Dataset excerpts

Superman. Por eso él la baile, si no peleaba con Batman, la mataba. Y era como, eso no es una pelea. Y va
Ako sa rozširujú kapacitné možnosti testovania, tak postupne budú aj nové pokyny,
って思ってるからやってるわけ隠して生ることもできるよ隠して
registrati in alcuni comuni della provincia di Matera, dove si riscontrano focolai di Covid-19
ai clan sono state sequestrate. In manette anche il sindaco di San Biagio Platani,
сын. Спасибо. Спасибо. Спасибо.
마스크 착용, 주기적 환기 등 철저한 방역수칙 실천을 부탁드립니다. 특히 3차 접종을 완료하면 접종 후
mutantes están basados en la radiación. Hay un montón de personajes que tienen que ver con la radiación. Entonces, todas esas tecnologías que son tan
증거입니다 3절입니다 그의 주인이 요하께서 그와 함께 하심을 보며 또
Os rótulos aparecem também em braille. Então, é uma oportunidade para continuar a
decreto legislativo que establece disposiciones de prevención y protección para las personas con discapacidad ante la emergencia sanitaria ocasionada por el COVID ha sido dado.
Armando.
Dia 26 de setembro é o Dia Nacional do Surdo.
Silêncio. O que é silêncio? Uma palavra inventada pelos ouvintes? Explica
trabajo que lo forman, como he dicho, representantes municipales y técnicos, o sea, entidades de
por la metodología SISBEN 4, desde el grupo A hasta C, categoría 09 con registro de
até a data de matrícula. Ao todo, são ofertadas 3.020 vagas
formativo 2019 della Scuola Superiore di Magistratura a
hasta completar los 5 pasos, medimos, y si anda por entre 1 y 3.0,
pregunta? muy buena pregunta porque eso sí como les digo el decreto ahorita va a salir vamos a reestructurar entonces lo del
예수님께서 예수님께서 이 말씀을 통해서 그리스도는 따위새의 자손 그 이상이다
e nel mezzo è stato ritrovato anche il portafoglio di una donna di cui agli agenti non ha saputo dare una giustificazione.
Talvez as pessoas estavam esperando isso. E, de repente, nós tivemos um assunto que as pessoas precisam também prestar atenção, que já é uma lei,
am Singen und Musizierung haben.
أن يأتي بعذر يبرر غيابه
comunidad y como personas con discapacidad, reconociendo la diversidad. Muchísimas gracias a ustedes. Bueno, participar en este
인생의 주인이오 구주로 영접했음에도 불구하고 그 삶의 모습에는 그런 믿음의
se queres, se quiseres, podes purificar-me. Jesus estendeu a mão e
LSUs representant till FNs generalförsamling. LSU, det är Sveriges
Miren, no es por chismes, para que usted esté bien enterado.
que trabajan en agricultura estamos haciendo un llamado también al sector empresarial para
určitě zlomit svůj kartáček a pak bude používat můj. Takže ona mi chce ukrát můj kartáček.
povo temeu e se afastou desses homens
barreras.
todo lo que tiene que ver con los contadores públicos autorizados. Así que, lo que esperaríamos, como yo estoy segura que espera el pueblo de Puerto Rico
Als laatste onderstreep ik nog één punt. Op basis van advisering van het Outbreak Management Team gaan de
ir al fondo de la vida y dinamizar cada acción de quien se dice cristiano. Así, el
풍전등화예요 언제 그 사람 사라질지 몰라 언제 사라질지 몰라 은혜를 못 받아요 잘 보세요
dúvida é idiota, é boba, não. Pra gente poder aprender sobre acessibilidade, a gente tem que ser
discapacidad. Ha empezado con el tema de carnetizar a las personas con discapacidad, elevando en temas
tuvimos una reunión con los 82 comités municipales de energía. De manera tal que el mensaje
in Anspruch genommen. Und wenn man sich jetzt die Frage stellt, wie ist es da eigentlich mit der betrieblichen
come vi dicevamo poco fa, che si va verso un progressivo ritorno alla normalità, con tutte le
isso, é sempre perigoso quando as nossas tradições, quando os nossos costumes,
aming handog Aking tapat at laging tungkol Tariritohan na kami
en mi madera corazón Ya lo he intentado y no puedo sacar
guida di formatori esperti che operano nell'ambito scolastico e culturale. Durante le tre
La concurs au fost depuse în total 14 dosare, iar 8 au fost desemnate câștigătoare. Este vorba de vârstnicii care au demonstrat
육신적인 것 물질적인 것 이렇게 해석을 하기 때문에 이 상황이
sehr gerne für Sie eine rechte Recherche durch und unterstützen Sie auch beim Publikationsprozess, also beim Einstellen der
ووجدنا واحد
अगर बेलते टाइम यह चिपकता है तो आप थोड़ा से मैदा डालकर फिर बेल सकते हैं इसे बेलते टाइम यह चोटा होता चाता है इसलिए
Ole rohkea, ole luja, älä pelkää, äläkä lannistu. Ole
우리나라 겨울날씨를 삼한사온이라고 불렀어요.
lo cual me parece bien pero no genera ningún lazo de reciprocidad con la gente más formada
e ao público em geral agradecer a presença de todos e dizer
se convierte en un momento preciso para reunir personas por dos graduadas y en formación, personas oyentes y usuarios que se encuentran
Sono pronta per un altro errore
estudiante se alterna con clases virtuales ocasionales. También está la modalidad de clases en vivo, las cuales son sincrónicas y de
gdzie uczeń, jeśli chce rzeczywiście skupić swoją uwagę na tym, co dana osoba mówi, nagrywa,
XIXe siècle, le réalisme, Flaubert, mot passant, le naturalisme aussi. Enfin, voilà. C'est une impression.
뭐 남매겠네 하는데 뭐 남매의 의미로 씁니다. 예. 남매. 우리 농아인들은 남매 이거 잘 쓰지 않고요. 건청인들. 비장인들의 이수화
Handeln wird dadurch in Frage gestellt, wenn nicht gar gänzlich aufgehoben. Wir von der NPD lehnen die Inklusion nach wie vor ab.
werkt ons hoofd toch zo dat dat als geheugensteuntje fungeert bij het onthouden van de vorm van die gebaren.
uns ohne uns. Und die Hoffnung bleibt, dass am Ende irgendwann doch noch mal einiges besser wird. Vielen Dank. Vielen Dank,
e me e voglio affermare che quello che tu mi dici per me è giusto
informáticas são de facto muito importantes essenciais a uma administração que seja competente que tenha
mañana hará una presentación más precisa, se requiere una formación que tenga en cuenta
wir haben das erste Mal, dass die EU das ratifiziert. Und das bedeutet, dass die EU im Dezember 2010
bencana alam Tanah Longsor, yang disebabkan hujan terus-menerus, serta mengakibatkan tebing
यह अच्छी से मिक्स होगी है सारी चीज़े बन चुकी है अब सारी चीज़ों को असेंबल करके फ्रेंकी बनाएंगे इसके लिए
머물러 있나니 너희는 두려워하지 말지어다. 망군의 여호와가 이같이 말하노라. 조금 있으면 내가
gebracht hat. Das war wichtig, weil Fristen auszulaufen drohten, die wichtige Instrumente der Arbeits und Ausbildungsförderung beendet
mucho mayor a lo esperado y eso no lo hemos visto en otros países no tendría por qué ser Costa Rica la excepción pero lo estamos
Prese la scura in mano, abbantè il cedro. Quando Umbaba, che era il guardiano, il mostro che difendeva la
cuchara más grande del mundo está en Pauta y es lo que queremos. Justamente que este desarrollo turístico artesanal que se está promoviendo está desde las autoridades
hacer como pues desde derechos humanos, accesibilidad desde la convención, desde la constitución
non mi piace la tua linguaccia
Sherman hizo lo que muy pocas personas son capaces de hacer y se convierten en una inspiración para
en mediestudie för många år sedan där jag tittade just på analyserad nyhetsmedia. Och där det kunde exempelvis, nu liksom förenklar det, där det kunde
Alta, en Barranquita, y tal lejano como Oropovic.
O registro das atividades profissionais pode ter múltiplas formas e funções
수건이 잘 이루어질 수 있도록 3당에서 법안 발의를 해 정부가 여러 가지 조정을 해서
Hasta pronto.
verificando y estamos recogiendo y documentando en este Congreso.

Problem |
Collect the lines of the records that include the string "chce".

Answer space |
určitě zlomit svůj kartáček a pak bude používat můj. Takže ona mi chce ukrát můj kartáček.
gdzie uczeń, jeśli chce rzeczywiście skupić swoją uwagę na tym, co dana osoba mówi, nagrywa,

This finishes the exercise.